TERCERO.- Estimado el recurso de apelación y con ello íntegramente la demanda, así como desestimada consecuentemente la reconvención formulada de contrario por la promotora, de conformidad con lo dispuesto los artículos 394 y 398 de la LEC , se imponen a la demandada todas las costas causadas en la instancia, tanto de la demanda principal, como de la reconvención desestimada. Sin especial pronunciamiento en cuanto a las del recurso de apelación interpuesto por el demandante y con expresa imposición de costas al interpuesto de contrario por la promotora demandada-recurrente.
Vistos los preceptos citados y demás de general y pertinente aplicación, en nombre del Rey, y por la autoridad conferida por el Pueblo Español;
Fallo
Que estimamos el recurso de apelación interpuesto por la representación procesal de don Torcuato , contra la sentencia del Juzgado de Primera Instancia número 3 de Orihuela, de fecha 2 de mayo de 2012 , que revocamos y, en su lugar, estimamos la demanda interpuesta por aquél contra PROCUMASA,SA, y declaramos resuelto el contrato privado de compraventa de fecha 12 de junio de 2007, condenando a la demandada estar y pasar por tal resolución y a que pague al demandante la cantidad de 44.174 #, más intereses legales desde la fecha de cada pago efectuado, interés sustituido por los procesales desde la fecha de esta sentencia de apelación y hasta su completo pago. Se imponen a la demandada todas las costas causadas en la instancia y las de su recurso. Sin especial pronunciamiento en costas en cuanto al recurso del demandante principal.Con devolución del depósito constituido a la parte demandante-recurrente, y con pérdida del constituido de contrario.
Notifíquese esta sentencia conforme a la Ley y, en su momento, devuélvanse los autos originales al Juzgado de procedencia, de los que se servirá acusar recibo, acompañados de certificación literal de la presente resolución a los oportunos efectos de ejecución de lo acordado, uniéndose otro al rollo de apelación.
Contra la presente resolución, cabe recurso en los supuestos y términos previstos en los Capítulos IV y V del Título IV del Libro II y Disposición final 16ª de la LEC 1/2000 .

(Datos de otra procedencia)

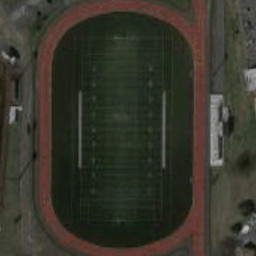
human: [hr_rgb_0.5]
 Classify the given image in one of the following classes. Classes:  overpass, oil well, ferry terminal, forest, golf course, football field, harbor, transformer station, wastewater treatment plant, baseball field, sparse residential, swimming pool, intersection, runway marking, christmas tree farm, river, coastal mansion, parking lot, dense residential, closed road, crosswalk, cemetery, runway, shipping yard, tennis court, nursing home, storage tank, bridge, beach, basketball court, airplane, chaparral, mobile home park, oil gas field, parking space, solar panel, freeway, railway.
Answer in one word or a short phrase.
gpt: football field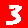
Digit: 3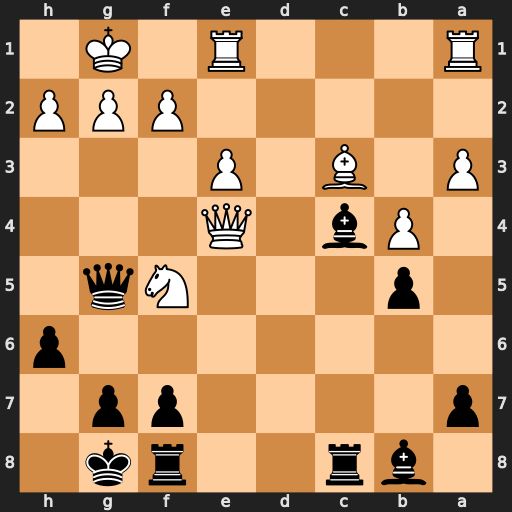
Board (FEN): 1br2rk1/p4pp1/7p/1p3Nq1/1Pb1Q3/P1B1P3/5PPP/R3R1K1
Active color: b
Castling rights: -
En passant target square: -
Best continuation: Be6 Nxg7 Bd5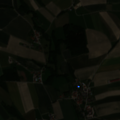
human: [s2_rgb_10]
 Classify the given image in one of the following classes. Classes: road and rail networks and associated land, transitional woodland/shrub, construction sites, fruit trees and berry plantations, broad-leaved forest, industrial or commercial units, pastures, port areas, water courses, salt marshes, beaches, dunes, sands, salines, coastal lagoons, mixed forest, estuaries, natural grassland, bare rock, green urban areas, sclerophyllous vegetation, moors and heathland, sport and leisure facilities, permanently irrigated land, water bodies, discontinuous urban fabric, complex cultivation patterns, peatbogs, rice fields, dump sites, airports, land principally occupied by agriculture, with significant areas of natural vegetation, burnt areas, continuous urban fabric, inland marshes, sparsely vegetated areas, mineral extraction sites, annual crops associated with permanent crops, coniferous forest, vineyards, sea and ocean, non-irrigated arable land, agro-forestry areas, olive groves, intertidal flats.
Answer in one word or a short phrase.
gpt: non-irrigated arable land, pastures, complex cultivation patterns, land principally occupied by agriculture, with significant areas of natural vegetation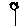
Label: flower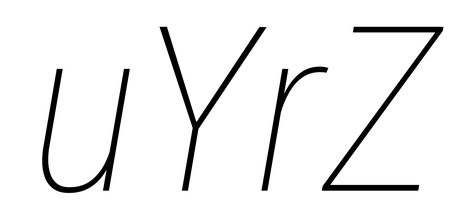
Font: Roboto-Italic_Condensed_Thin_Italic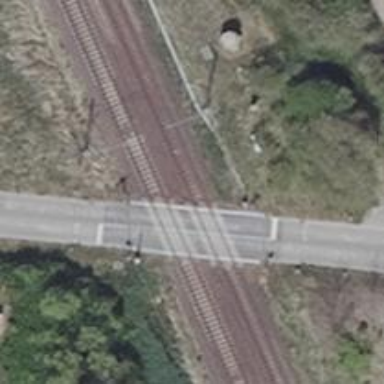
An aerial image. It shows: Railway level crossing.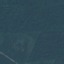
Land use / land cover class: Forest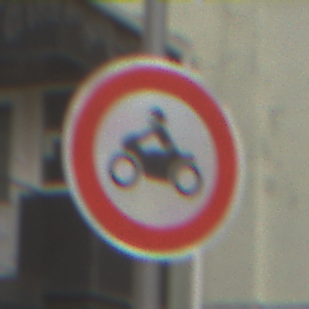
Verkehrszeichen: VerbotKraftraeder
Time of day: MorningAfternoon
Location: Outdoor (Urban)
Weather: Overcast
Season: NotSpecified
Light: Natural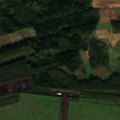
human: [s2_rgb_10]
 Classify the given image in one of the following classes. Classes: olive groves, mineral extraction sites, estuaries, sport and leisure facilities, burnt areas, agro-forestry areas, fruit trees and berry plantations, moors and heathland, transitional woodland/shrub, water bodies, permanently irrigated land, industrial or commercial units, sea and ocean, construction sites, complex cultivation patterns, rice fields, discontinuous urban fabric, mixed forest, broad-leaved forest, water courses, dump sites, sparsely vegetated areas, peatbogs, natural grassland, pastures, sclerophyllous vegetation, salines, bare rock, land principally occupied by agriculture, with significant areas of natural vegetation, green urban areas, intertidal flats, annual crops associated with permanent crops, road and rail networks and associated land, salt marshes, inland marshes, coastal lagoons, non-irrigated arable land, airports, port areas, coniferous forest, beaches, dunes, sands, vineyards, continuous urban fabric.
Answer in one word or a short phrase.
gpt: non-irrigated arable land, land principally occupied by agriculture, with significant areas of natural vegetation, coniferous forest, mixed forest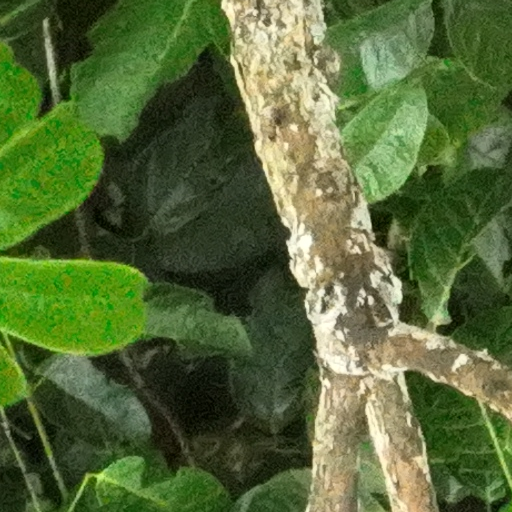
Species: Trattinnickia aspera
GBIF accepted scientific name: Trattinnickia aspera
Crown area (m\u00b2): 46.983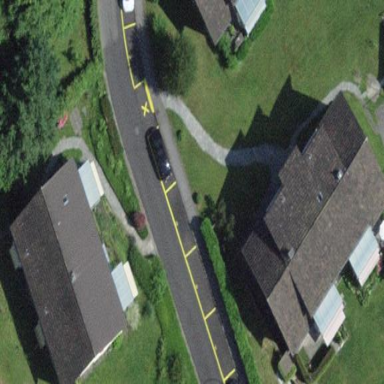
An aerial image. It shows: Parking lane designated for parking.
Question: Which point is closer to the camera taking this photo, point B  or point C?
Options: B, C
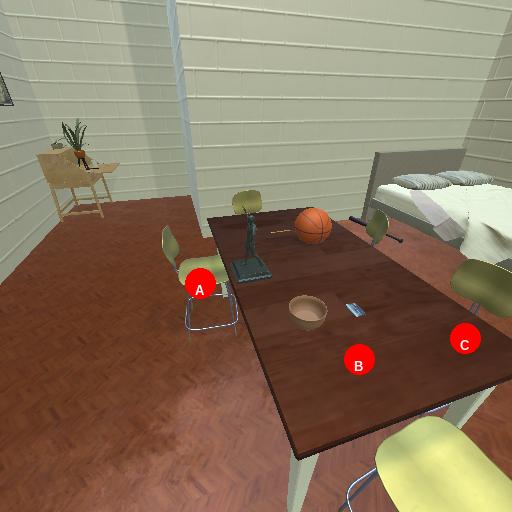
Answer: B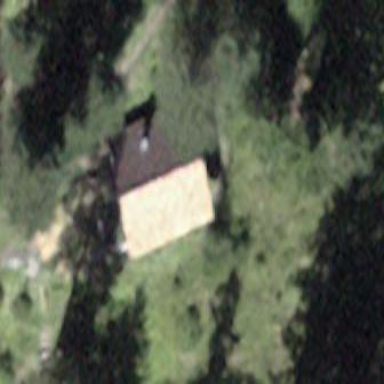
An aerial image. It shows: Wilderness hut in building.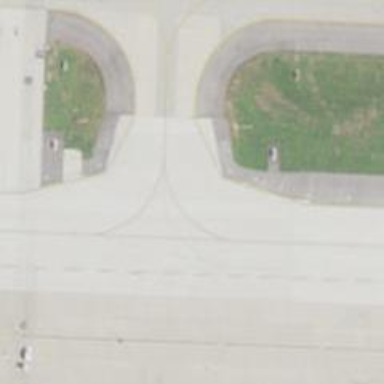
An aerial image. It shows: View of taxiway at the airport.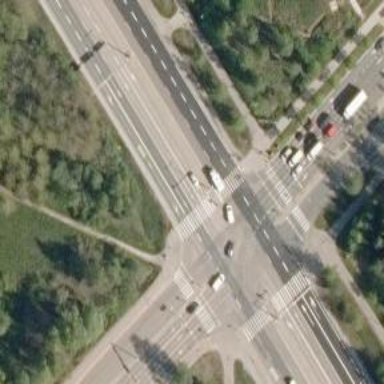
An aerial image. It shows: Asphalt cycleway with crossing.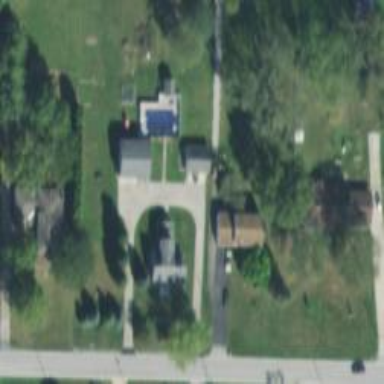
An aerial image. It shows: Driveway.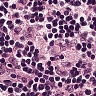
Metastatic tissue present: no

De conformidad con la Disposición Adicional Decimoquinta de la LOPJ 6/1985, según redacción dada por la LO 1/2009, para interponer contra la presente resolución recurso extraordinario por infracción procesal (concepto 04) y/o de casación (concepto 06), artículos 471 y 481 de la LEC , deberá consignarse en la 'Cuenta de Depósitos y consignaciones' de este Tribunal nº 3575, al tiempo de su preparación, la cantidad de 50 euros por cada recurso, bajo apercibimiento de inadmisión a trámite; y ello sin perjuicio del pago de la tasa por actos procesales, cuando proceda, así como la tasa correspondiente por aplicación de la Ley de Tasas 10/12.
Así, por esta nuestra sentencia definitiva que, fallando en grado de apelación, lo pronunciamos, mandamos y firmamos.
PUBLICACIÓN.- La anterior resolución ha sido leída y publicada en el día de su fecha por el Ilmo. Sr.
Ponente, estando la Sala reunida en audiencia pública. Doy fe.